Though he has his opinions, Nelson preaches “tolerance of diverse economic theologies.” This is not the present situation in economics, which is dominated by a theology “from Samuelson to Chicago and beyond.” Nelson is unimpressed by the claims of the Samuelsonian Chicagoans to a monopoly of scientific method. He doubts in fact, as many students of the matter since Thomas Kuhn have, that there is really such a thing as “scientific method.” “To abandon the [so-called] scientific method . . . is to undermine a basic faith of the American welfare state, a faith as deeply embedded in Western civilization as the Roman tradition of thought.” He proposes instead a “postmodern economic theology,” as I do here, and Don Lavoie did, and Arjo Klamer does.
“Postmodernism” does not mean what you may have gathered from the outrage of conservative cultural journalists. It means merely dropping the artificialities of high modernism, and in particular dropping the fact-value split in its cruder forms and the established church of social engineering. “The new world of the welfare state and of economic pursuits would have to be placed within the context of a broader understanding of the meaning a purpose of human existence.” Nelson’s hero, Frank Knight, would have detested the word, but of course Nelson is calling exactly for an economic theology.

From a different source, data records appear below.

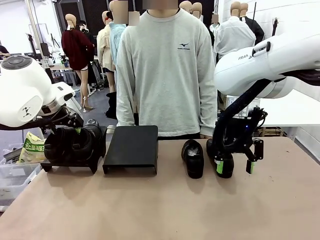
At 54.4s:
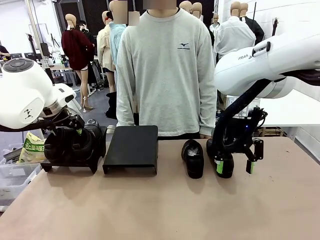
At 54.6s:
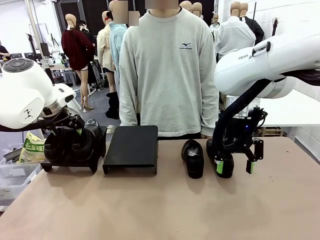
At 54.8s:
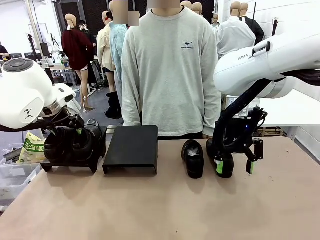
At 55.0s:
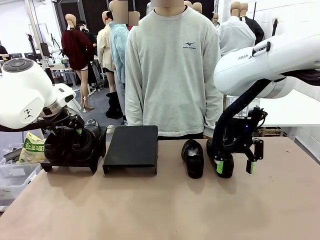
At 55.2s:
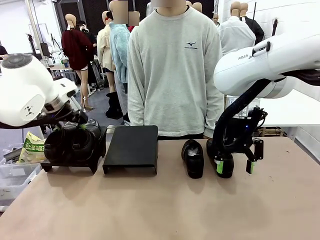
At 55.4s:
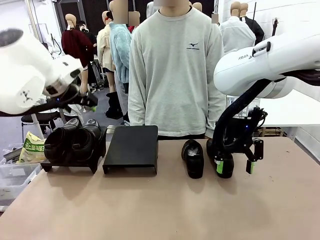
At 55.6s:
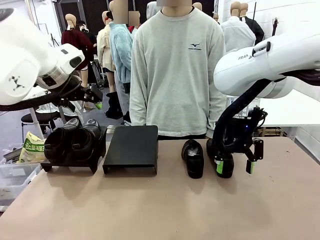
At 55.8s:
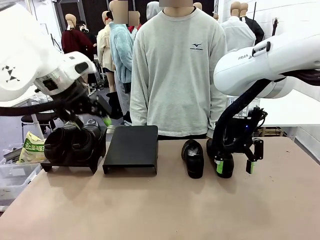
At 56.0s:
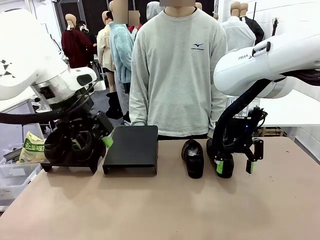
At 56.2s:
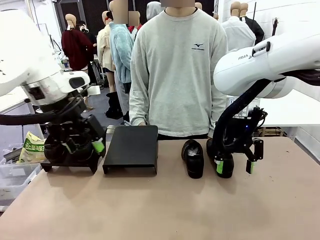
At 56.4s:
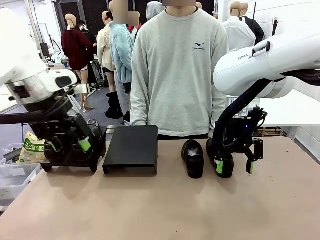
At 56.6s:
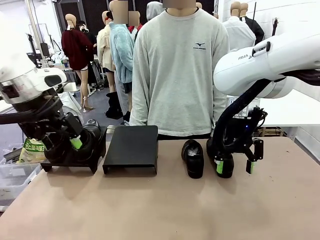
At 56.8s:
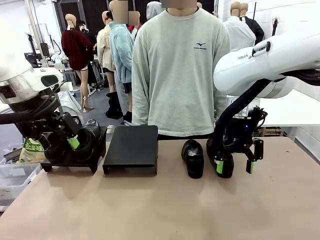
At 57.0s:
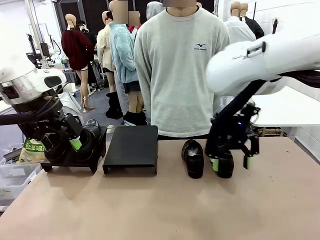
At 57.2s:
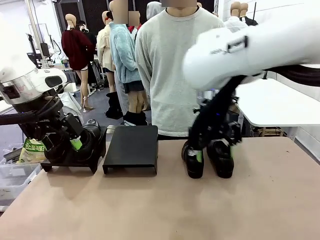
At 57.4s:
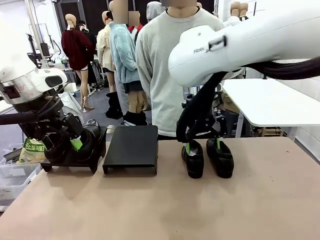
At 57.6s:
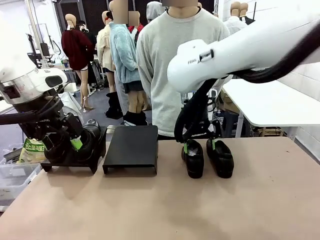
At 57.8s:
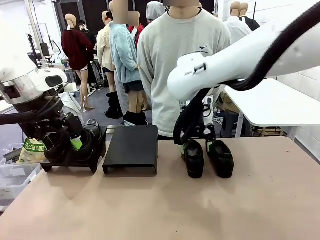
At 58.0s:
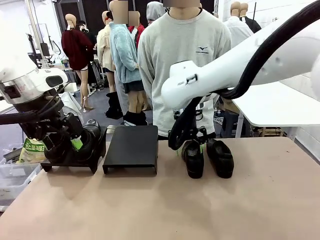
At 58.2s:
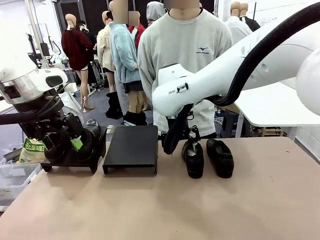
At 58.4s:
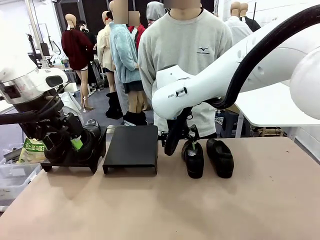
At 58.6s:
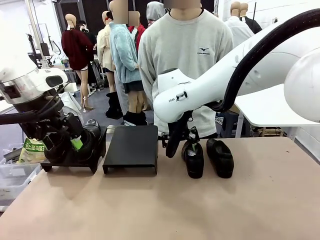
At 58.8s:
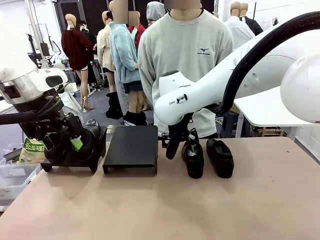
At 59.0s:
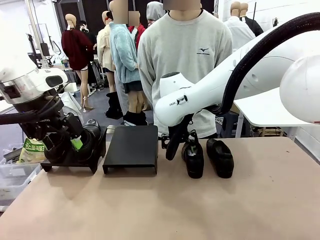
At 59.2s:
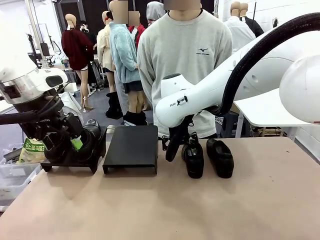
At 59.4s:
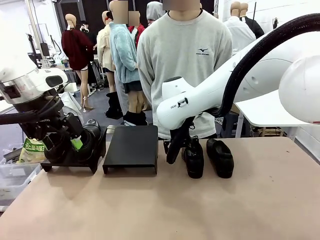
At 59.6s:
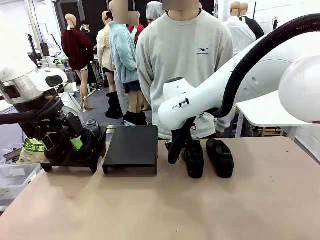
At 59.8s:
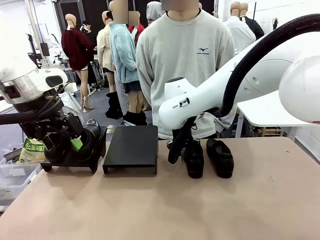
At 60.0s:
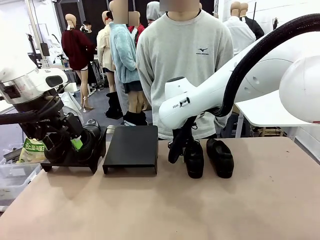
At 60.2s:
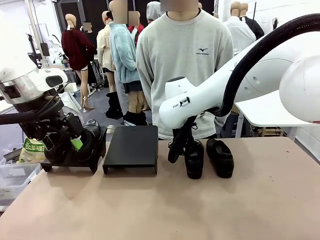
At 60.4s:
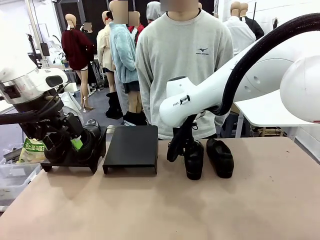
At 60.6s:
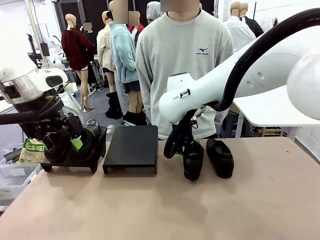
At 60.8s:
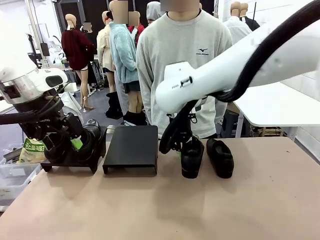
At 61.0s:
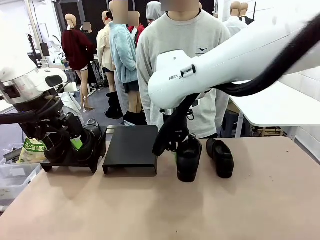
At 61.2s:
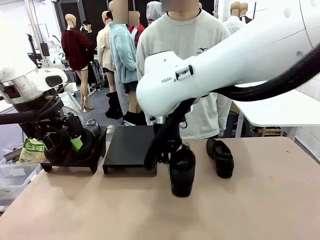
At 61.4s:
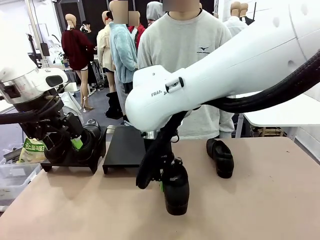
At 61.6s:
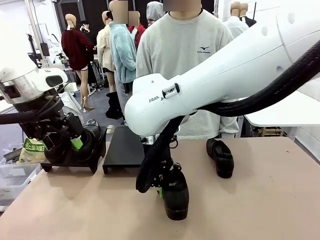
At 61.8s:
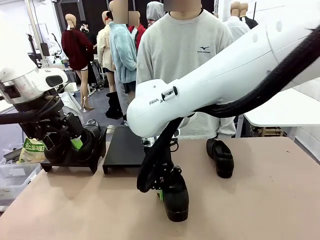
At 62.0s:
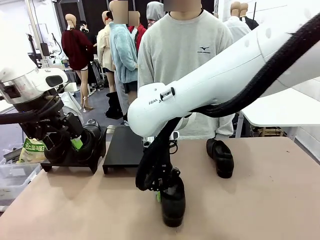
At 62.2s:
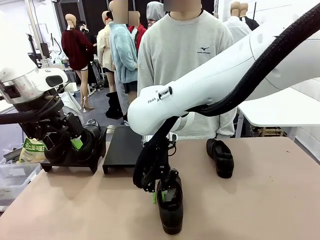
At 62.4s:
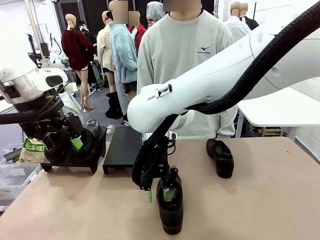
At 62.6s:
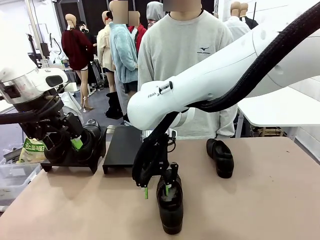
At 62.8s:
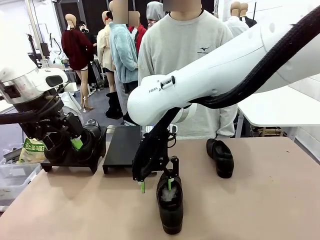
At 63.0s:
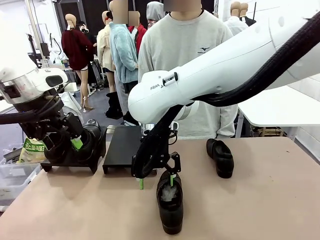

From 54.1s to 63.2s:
Task: Organize the shoes by placing them on the stand.
Robot: Pick up one Shoe and place it in the middle of the table.

The text above is an excerpt from The Bourgeois Virtues: Ethics for an Age of Commerce, the first volume of Deirdre McCloskey’s trilogy on the ethical and historical origins of modern prosperity.

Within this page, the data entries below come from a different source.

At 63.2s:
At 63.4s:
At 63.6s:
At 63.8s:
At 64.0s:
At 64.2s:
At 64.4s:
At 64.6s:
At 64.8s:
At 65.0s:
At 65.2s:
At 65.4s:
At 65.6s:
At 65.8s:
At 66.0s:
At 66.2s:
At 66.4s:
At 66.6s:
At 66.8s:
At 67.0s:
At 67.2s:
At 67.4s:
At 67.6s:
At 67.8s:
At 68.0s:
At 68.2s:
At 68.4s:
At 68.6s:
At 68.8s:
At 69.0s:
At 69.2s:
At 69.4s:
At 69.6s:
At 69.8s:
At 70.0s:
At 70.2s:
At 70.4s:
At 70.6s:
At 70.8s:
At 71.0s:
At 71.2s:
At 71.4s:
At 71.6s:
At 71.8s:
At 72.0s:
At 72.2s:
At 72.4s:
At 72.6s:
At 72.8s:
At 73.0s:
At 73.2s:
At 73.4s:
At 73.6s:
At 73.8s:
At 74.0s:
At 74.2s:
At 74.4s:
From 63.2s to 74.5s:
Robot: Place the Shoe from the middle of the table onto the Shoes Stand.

[1] Sen, Ethics and Economics, 1987, p. 50.
[2] These are the titles of three of his other books, of 1977, 1983, and 2000.
[3] Nelson, Economics as Religion, 2001, p. 267.
[4] Nelson, Reaching for Heaven on Earth, 1991
[5] http://www.perc.org/aboutperc/index.php.
[6] Hirchman, Exit, Voice, and Loyalty, 1970.


Thanks for sharing this excerpt. I think you are largely right, though I am unsure how much influence economics truly has on the American psyche.
I am curious what you think of the claim that economics, properly understood, is a positive science about trade-offs, and that it stops being economics once it takes a normative stance.
I agree that economics as practiced frequently slides into normative claims. But should we consider that “true economics,” or a misuse of economics? My instinct has usually been that the objective, non-normative part is the true economics.
At the same time, I can see the force of your argument that the pretense of objectivity may itself be misleading. Welfare economics seems like the clearest example. Economists often teach utility as ordinal, but then much of welfare economics seems to smuggle in stronger interpersonal or quasi-cardinal claims. Maybe the resolution is to stick more strictly to ordinal utility. Or maybe the better move is to admit that economics cannot avoid normative commitments and therefore needs to be grounded in a serious moral theory.
I am currently reading The Wealth of Nations and plan to read The Theory of Moral Sentiments afterward, so your nod to Smith’s moral philosophy especially stood out to me. I would be curious how you think about this tension between economics as positive analysis and economics as inevitably moral argument.